*** SOURCE DATA ***

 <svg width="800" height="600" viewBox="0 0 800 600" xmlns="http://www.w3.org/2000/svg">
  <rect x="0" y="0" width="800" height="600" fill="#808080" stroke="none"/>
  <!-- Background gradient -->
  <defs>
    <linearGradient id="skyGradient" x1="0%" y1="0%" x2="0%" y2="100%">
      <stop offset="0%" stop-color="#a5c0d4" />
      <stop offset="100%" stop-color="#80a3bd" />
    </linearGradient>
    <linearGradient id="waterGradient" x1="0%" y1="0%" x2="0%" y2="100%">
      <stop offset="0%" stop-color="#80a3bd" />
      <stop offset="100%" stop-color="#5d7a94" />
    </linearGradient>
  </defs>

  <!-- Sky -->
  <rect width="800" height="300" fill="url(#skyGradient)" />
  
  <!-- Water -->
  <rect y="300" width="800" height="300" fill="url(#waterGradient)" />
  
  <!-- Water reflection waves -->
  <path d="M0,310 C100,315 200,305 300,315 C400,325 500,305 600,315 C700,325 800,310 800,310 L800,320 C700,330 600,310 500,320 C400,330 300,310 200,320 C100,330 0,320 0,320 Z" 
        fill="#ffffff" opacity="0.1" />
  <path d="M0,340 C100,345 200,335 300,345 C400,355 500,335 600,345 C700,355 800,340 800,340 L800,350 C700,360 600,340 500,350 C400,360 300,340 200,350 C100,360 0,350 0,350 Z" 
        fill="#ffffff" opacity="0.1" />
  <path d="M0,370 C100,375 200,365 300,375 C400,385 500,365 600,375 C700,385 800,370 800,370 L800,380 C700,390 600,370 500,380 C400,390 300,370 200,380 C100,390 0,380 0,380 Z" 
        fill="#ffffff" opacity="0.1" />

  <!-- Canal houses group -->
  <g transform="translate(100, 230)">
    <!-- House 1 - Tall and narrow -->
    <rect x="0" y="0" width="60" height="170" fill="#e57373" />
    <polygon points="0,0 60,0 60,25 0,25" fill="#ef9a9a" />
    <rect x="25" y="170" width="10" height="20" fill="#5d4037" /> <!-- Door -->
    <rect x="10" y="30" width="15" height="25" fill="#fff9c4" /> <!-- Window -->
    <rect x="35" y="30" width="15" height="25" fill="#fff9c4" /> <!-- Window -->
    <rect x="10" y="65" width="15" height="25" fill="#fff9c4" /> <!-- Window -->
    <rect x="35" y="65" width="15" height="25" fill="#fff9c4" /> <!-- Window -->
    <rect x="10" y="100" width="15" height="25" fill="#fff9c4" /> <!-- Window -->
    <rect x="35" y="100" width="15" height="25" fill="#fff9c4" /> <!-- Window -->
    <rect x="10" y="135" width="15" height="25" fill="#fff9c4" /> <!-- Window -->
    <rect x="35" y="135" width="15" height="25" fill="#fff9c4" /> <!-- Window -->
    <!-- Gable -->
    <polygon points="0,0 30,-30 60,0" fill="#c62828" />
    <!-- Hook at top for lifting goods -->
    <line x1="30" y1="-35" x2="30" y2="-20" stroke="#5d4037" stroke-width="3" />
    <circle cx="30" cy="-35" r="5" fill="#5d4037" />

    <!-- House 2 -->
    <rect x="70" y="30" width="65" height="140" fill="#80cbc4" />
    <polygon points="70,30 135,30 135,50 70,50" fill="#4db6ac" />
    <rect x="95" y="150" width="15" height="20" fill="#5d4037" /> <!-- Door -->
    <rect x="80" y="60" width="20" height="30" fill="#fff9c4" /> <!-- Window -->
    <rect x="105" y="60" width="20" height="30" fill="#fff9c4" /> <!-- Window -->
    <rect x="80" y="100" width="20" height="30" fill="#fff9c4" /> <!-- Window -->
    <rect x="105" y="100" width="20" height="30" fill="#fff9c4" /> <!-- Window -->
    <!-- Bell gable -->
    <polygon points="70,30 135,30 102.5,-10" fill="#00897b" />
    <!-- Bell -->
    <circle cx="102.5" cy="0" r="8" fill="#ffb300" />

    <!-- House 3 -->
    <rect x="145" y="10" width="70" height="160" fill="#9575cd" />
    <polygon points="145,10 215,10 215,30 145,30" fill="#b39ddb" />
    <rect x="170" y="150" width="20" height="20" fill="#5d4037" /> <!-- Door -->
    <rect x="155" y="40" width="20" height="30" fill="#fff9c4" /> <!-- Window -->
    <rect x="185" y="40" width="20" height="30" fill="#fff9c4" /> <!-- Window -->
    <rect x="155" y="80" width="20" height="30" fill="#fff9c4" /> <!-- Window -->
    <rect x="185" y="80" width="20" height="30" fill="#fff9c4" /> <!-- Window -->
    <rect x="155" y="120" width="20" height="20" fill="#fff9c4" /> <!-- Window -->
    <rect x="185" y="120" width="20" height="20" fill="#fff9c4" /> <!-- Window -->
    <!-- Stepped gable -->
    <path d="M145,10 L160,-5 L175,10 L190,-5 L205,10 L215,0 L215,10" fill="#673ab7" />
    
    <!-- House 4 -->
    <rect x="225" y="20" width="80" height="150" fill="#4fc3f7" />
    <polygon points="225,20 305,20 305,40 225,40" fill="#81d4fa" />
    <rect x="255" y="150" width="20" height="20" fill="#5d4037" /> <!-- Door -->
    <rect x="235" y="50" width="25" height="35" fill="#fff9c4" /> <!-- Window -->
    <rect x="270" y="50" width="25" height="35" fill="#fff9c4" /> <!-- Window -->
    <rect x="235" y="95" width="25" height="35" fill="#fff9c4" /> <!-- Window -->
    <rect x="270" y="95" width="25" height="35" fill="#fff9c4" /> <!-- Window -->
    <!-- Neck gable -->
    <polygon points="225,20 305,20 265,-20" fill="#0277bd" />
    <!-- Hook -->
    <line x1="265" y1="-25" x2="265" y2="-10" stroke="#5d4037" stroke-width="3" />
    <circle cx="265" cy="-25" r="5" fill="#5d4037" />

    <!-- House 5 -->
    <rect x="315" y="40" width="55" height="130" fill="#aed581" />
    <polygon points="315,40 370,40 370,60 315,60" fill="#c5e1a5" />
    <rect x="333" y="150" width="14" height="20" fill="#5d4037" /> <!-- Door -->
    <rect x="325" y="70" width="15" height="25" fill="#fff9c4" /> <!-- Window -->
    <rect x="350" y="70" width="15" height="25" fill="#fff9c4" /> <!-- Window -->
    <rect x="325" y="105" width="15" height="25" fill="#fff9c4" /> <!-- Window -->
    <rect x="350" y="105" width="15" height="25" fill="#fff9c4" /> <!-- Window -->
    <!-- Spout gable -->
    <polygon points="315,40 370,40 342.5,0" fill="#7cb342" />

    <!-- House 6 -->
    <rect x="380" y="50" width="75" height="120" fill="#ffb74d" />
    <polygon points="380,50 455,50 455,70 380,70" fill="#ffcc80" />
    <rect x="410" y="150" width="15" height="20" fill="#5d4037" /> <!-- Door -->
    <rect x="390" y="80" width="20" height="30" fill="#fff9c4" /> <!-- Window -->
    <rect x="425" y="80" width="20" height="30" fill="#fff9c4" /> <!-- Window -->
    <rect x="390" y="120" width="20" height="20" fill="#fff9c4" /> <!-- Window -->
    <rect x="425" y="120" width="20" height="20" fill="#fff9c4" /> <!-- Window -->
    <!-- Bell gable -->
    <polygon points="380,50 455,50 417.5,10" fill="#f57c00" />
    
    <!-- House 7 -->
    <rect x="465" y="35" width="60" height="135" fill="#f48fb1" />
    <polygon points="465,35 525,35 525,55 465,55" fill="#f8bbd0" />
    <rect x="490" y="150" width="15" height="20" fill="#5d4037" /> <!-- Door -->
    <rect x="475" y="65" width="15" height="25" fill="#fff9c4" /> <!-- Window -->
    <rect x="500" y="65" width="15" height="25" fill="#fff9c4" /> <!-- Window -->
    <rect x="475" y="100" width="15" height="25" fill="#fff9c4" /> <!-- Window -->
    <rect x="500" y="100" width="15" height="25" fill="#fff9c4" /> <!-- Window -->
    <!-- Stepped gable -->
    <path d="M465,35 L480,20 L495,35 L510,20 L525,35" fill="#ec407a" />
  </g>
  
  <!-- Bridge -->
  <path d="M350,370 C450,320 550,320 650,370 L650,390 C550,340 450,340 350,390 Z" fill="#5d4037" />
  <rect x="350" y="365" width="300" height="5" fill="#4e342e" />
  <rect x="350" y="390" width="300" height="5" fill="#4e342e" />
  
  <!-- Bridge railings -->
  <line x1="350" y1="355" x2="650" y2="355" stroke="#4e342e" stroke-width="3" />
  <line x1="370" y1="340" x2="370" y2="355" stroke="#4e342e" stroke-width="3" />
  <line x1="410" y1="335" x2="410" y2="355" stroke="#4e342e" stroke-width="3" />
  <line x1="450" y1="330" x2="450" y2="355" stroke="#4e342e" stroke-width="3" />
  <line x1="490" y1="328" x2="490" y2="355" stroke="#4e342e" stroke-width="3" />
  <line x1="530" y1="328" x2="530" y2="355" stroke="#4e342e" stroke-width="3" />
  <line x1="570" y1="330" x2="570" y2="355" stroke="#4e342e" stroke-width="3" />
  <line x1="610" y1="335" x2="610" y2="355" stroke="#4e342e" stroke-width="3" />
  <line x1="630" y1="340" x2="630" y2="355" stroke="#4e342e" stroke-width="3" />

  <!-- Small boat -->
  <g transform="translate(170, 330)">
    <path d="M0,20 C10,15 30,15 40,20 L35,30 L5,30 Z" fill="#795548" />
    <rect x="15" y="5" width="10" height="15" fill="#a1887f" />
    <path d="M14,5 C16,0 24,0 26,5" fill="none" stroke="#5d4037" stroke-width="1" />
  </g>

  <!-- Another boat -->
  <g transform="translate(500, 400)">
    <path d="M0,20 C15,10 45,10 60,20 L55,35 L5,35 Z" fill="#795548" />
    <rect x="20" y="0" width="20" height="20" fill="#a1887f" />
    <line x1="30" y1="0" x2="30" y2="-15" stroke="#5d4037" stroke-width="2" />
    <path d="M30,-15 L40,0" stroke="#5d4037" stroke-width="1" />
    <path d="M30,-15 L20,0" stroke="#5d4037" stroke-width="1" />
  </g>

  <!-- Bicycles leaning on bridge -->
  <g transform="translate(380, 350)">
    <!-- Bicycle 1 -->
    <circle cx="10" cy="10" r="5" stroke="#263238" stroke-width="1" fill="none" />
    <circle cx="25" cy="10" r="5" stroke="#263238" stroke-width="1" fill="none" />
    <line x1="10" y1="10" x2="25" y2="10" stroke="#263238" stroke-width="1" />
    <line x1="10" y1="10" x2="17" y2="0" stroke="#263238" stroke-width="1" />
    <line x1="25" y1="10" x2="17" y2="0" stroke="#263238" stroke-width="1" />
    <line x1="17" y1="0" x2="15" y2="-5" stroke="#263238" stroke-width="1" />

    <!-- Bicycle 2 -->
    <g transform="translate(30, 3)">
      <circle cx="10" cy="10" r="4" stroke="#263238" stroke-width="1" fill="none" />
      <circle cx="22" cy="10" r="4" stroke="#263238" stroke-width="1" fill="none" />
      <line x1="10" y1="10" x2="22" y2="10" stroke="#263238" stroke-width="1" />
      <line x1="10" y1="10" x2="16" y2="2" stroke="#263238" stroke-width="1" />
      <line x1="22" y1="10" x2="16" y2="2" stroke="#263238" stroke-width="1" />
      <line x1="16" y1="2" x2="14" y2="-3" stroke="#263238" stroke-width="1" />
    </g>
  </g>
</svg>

***

- _HOW TO COMPLETE THIS TASK_: Collect each line above holding the string "skyGradient".

- _EXERCISE RESULT_:
    <linearGradient id="skyGradient" x1="0%" y1="0%" x2="0%" y2="100%">
  <rect width="800" height="300" fill="url(#skyGradient)" />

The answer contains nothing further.